▶ [Exercise objective] Pictures appear among the records below and must be omitted. Repeat exactly the lines from the line with "The image shows 59" to the line with "The image shows 45", both included.

▶ [Listed entries]

Start of Block

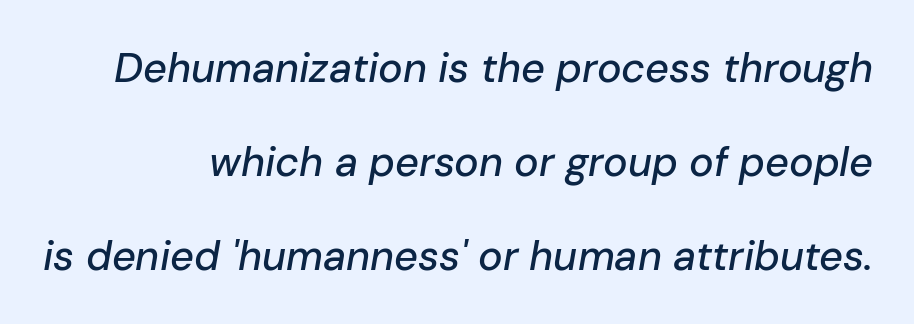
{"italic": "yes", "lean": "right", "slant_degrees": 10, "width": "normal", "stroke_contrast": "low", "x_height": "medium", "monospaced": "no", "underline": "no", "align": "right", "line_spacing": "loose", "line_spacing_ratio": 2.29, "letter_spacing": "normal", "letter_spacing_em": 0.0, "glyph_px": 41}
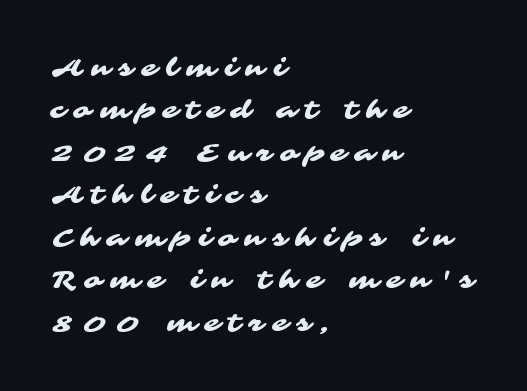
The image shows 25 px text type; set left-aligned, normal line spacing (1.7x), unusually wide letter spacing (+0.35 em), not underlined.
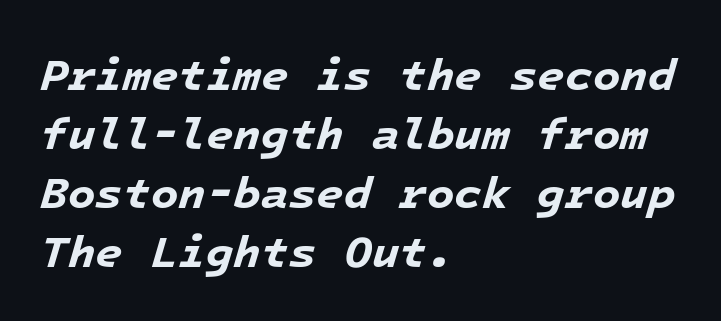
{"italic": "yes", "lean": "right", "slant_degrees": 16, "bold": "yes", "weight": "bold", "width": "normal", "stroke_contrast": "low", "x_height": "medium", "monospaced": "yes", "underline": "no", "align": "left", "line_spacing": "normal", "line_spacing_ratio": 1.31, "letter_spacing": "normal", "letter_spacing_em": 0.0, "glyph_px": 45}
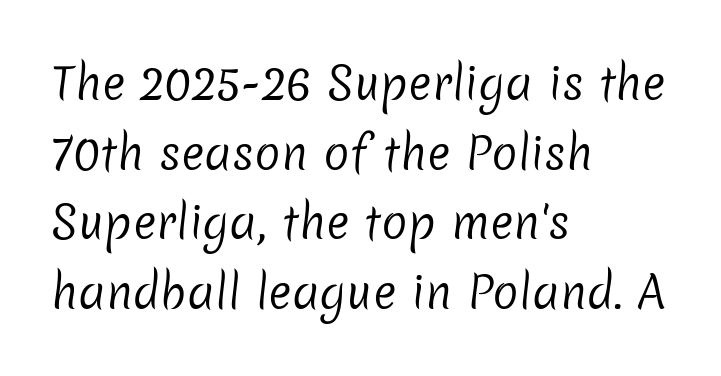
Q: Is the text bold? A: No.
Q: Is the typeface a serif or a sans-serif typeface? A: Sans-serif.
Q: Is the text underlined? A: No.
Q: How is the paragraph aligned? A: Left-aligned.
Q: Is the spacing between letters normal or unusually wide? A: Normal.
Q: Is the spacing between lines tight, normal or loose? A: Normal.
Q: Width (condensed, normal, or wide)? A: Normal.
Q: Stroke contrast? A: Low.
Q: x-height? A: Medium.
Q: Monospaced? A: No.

End of Block
Start of Block

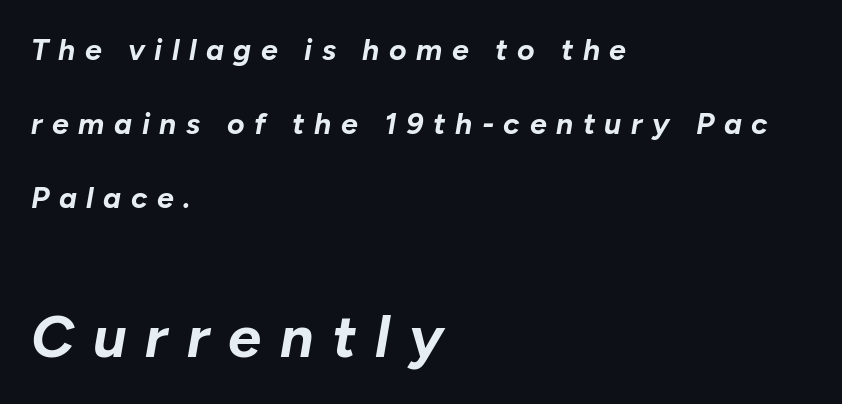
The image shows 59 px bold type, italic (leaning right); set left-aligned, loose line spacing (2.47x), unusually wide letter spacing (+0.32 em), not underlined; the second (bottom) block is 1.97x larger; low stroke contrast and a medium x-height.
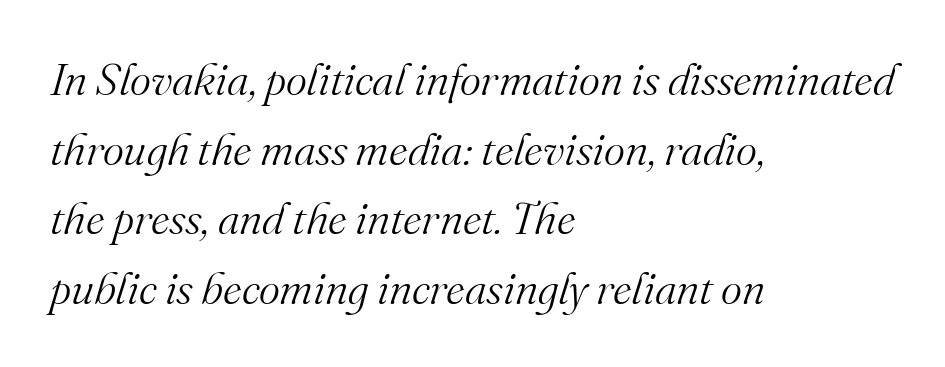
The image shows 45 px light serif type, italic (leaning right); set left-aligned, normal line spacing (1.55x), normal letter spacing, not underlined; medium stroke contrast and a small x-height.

End of Block
Start of Block

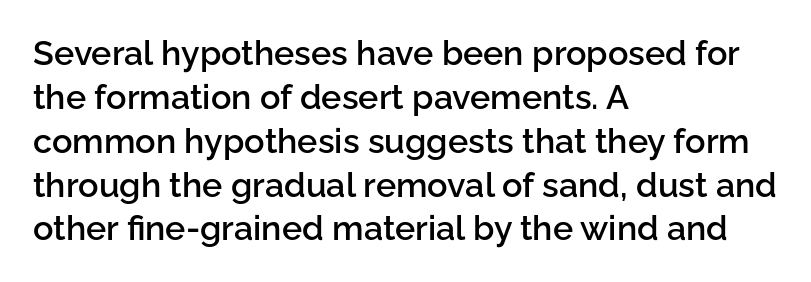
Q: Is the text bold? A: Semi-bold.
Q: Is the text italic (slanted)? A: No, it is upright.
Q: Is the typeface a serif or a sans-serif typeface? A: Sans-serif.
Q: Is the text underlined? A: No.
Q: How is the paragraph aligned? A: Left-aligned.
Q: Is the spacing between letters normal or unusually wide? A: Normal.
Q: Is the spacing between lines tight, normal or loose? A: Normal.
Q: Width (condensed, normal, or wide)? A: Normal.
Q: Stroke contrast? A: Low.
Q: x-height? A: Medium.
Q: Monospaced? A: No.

End of Block

▶ [Answer space]
The image shows 59 px bold type, italic (leaning right); set left-aligned, loose line spacing (2.47x), unusually wide letter spacing (+0.32 em), not underlined; the second (bottom) block is 1.97x larger; low stroke contrast and a medium x-height.
The image shows 45 px light serif type, italic (leaning right); set left-aligned, normal line spacing (1.55x), normal letter spacing, not underlined; medium stroke contrast and a small x-height.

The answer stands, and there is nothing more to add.